* Your assignment
Repeat each record exactly. Any picture gets left out.

* Collected data entries
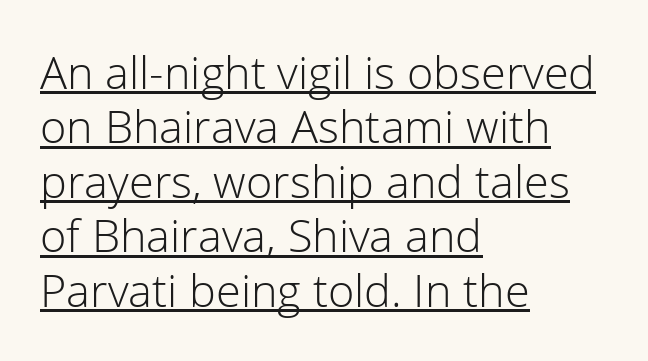
The typesetting does not lean heavy: it is not bold. Does a line run under the words? Yes, clearly. Classification — sans serif. Default kerning and tracking; the words read as compact shapes. Italic? Not at all — the glyphs are vertical.
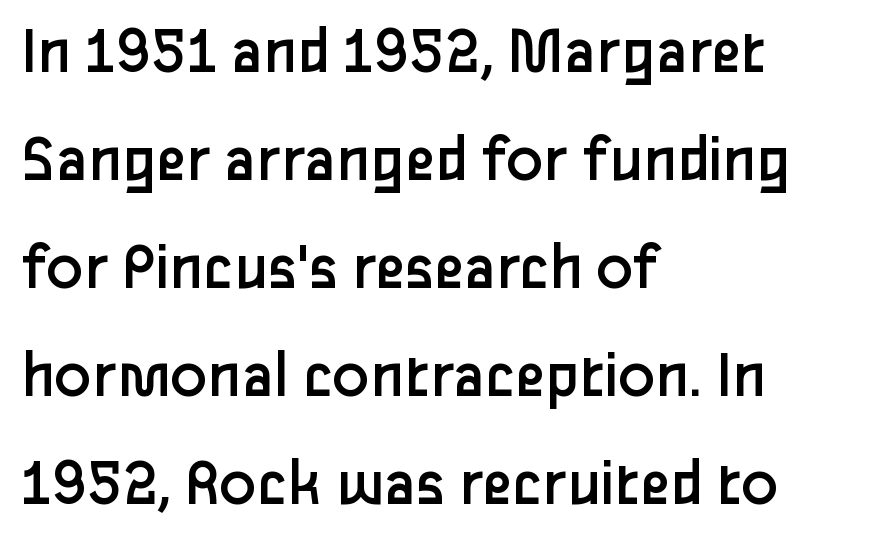
The image shows 68 px regular-weight sans-serif type, upright; set left-aligned, normal line spacing (1.59x), normal letter spacing, not underlined; low stroke contrast and a medium x-height.
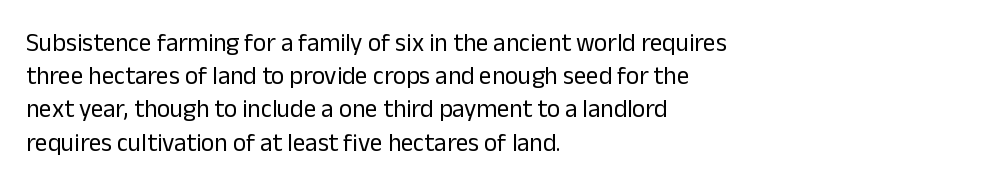
Q: Is the text bold? A: No.
Q: Is the text italic (slanted)? A: No, it is upright.
Q: Is the text underlined? A: No.
Q: How is the paragraph aligned? A: Left-aligned.
Q: Is the spacing between letters normal or unusually wide? A: Normal.
Q: Is the spacing between lines tight, normal or loose? A: Normal.
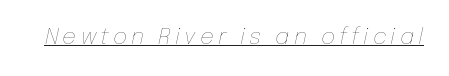
Q: Is the text bold? A: No.
Q: Is the text italic (slanted)? A: Yes, it leans right by about 12 degrees.
Q: Is the text underlined? A: Yes.
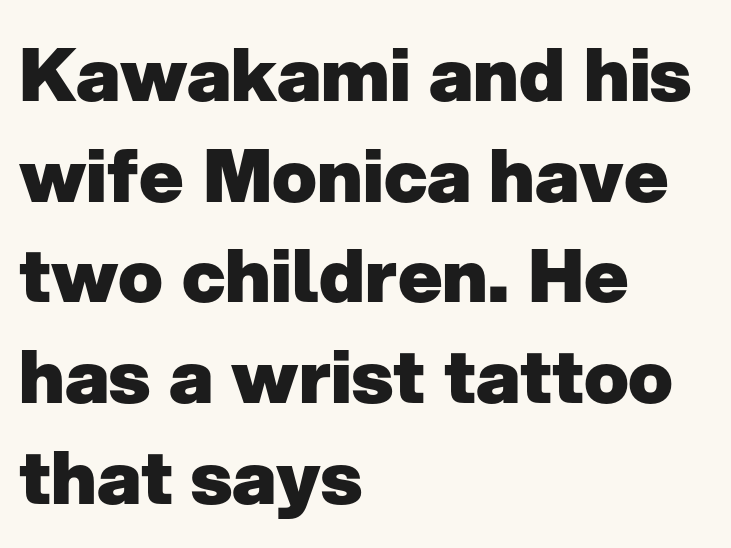
{"serif": "no", "italic": "no", "bold": "yes", "weight": "heavy", "width": "normal", "stroke_contrast": "low", "x_height": "medium", "monospaced": "no", "underline": "no", "align": "left", "line_spacing": "normal", "line_spacing_ratio": 1.36, "letter_spacing": "normal", "letter_spacing_em": 0.0, "glyph_px": 74}
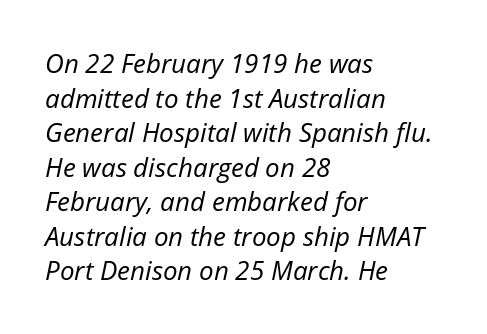
{"italic": "yes", "lean": "right", "slant_degrees": 12, "bold": "no", "underline": "no", "align": "left", "line_spacing": "normal", "line_spacing_ratio": 1.33, "letter_spacing": "normal", "letter_spacing_em": 0.0, "glyph_px": 26}
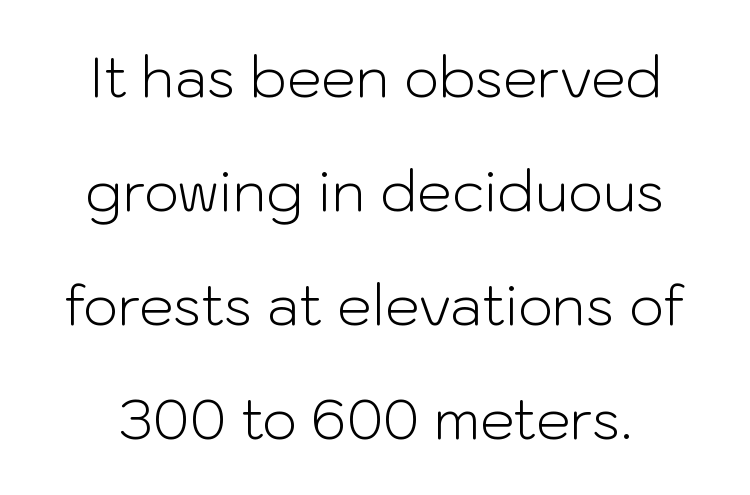
Q: Is the text bold? A: No.
Q: Is the text italic (slanted)? A: No, it is upright.
Q: Is the typeface a serif or a sans-serif typeface? A: Sans-serif.
Q: Is the text underlined? A: No.
Q: Is the spacing between letters normal or unusually wide? A: Normal.
Q: Is the spacing between lines tight, normal or loose? A: Loose.
Q: Width (condensed, normal, or wide)? A: Normal.
Q: Stroke contrast? A: Low.
Q: x-height? A: Medium.
Q: Monospaced? A: No.
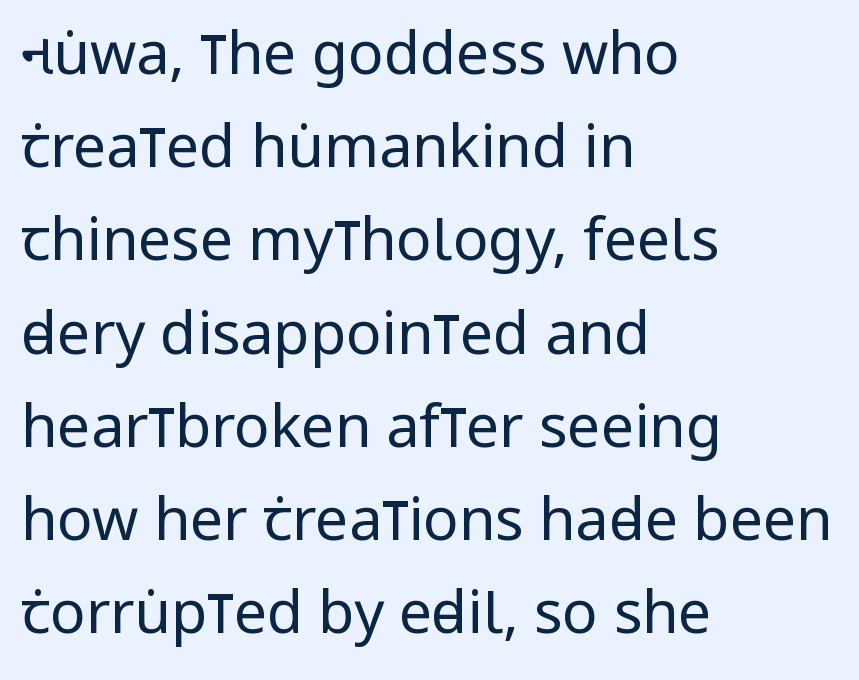
Underlining? Definitely not there. The gaps between neighbouring characters are ordinary and unremarkable. Proportional: the letters do not fall into vertical columns. Caption: multi-line text, flush left, ragged right.
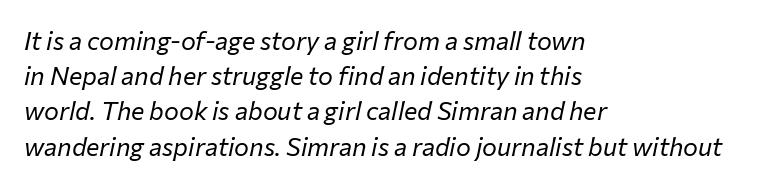
Q: Is the text bold? A: No.
Q: Is the text italic (slanted)? A: Yes, it leans right by about 12 degrees.
Q: Is the text underlined? A: No.
Q: How is the paragraph aligned? A: Left-aligned.
Q: Is the spacing between letters normal or unusually wide? A: Normal.
Q: Is the spacing between lines tight, normal or loose? A: Normal.
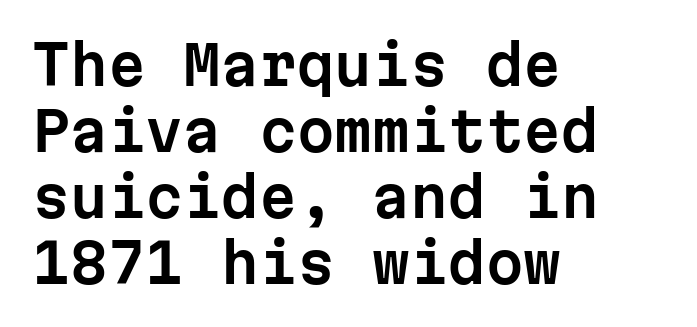
The glyphs in this specimen are sans serif. Italic? Not at all — the glyphs are vertical. The gaps between neighbouring characters are ordinary and unremarkable. The paragraph has a hard left edge and a soft right edge. The face used here is monospaced, like something from a code editor.
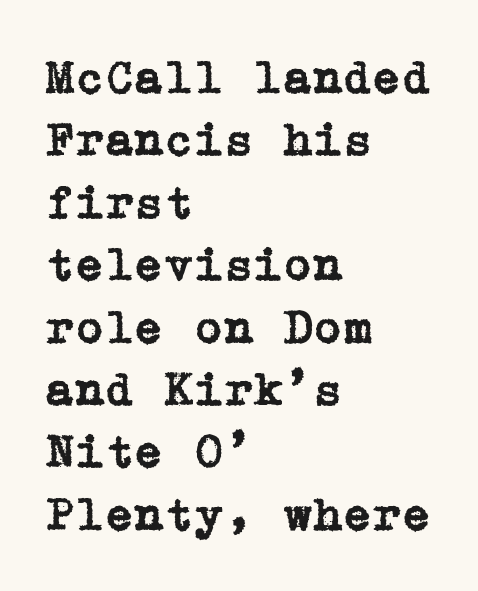
Q: Is the text italic (slanted)? A: No, it is upright.
Q: Is the typeface a serif or a sans-serif typeface? A: Serif.
Q: Is the text underlined? A: No.
Q: How is the paragraph aligned? A: Left-aligned.
Q: Is the spacing between letters normal or unusually wide? A: Normal.
Q: Is the spacing between lines tight, normal or loose? A: Normal.
Q: Width (condensed, normal, or wide)? A: Normal.
Q: Stroke contrast? A: Low.
Q: x-height? A: Medium.
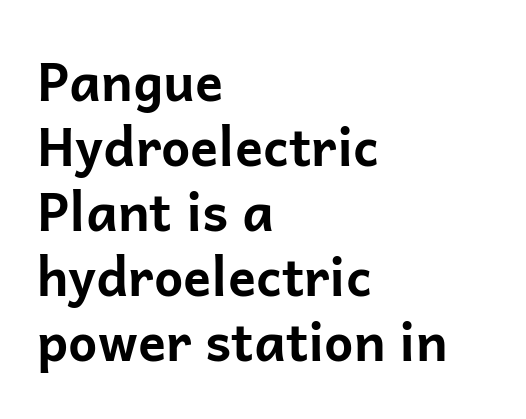
{"serif": "no", "italic": "no", "bold": "yes", "weight": "bold", "width": "normal", "stroke_contrast": "low", "x_height": "medium", "monospaced": "no", "underline": "no", "align": "left", "line_spacing": "normal", "line_spacing_ratio": 1.25, "letter_spacing": "normal", "letter_spacing_em": 0.0, "glyph_px": 52}
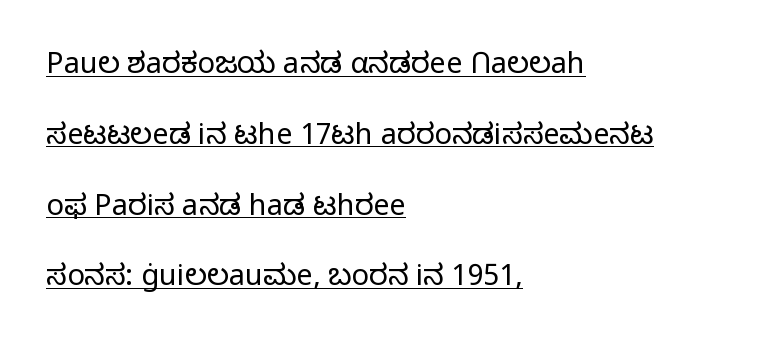
The image shows 29 px light sans-serif type, upright; set left-aligned, loose line spacing (2.44x), normal letter spacing, underlined; low stroke contrast and a medium x-height.

* Completed task
The typesetting does not lean heavy: it is not bold. Does a line run under the words? Yes, clearly. Classification — sans serif. Default kerning and tracking; the words read as compact shapes. Italic? Not at all — the glyphs are vertical.
The image shows 68 px regular-weight sans-serif type, upright; set left-aligned, normal line spacing (1.59x), normal letter spacing, not underlined; low stroke contrast and a medium x-height.
Q: Is the text bold? A: No.
Q: Is the text italic (slanted)? A: No, it is upright.
Q: Is the text underlined? A: No.
Q: How is the paragraph aligned? A: Left-aligned.
Q: Is the spacing between letters normal or unusually wide? A: Normal.
Q: Is the spacing between lines tight, normal or loose? A: Normal.
Q: Is the text bold? A: No.
Q: Is the text italic (slanted)? A: Yes, it leans right by about 12 degrees.
Q: Is the text underlined? A: Yes.
{"serif": "no", "italic": "no", "bold": "yes", "weight": "heavy", "width": "normal", "stroke_contrast": "low", "x_height": "medium", "monospaced": "no", "underline": "no", "align": "left", "line_spacing": "normal", "line_spacing_ratio": 1.36, "letter_spacing": "normal", "letter_spacing_em": 0.0, "glyph_px": 74}
{"italic": "yes", "lean": "right", "slant_degrees": 12, "bold": "no", "underline": "no", "align": "left", "line_spacing": "normal", "line_spacing_ratio": 1.33, "letter_spacing": "normal", "letter_spacing_em": 0.0, "glyph_px": 26}
Q: Is the text bold? A: No.
Q: Is the text italic (slanted)? A: No, it is upright.
Q: Is the typeface a serif or a sans-serif typeface? A: Sans-serif.
Q: Is the text underlined? A: No.
Q: Is the spacing between letters normal or unusually wide? A: Normal.
Q: Is the spacing between lines tight, normal or loose? A: Loose.
Q: Width (condensed, normal, or wide)? A: Normal.
Q: Stroke contrast? A: Low.
Q: x-height? A: Medium.
Q: Monospaced? A: No.
Underlining? Definitely not there. The gaps between neighbouring characters are ordinary and unremarkable. Proportional: the letters do not fall into vertical columns. Caption: multi-line text, flush left, ragged right.
Q: Is the text bold? A: No.
Q: Is the text italic (slanted)? A: Yes, it leans right by about 12 degrees.
Q: Is the text underlined? A: No.
Q: How is the paragraph aligned? A: Left-aligned.
Q: Is the spacing between letters normal or unusually wide? A: Normal.
Q: Is the spacing between lines tight, normal or loose? A: Normal.
The glyphs in this specimen are sans serif. Italic? Not at all — the glyphs are vertical. The gaps between neighbouring characters are ordinary and unremarkable. The paragraph has a hard left edge and a soft right edge. The face used here is monospaced, like something from a code editor.
Q: Is the text italic (slanted)? A: No, it is upright.
Q: Is the typeface a serif or a sans-serif typeface? A: Serif.
Q: Is the text underlined? A: No.
Q: How is the paragraph aligned? A: Left-aligned.
Q: Is the spacing between letters normal or unusually wide? A: Normal.
Q: Is the spacing between lines tight, normal or loose? A: Normal.
Q: Width (condensed, normal, or wide)? A: Normal.
Q: Stroke contrast? A: Low.
Q: x-height? A: Medium.
{"serif": "no", "italic": "no", "bold": "yes", "weight": "bold", "width": "normal", "stroke_contrast": "low", "x_height": "medium", "monospaced": "no", "underline": "no", "align": "left", "line_spacing": "normal", "line_spacing_ratio": 1.25, "letter_spacing": "normal", "letter_spacing_em": 0.0, "glyph_px": 52}
The image shows 29 px light sans-serif type, upright; set left-aligned, loose line spacing (2.44x), normal letter spacing, underlined; low stroke contrast and a medium x-height.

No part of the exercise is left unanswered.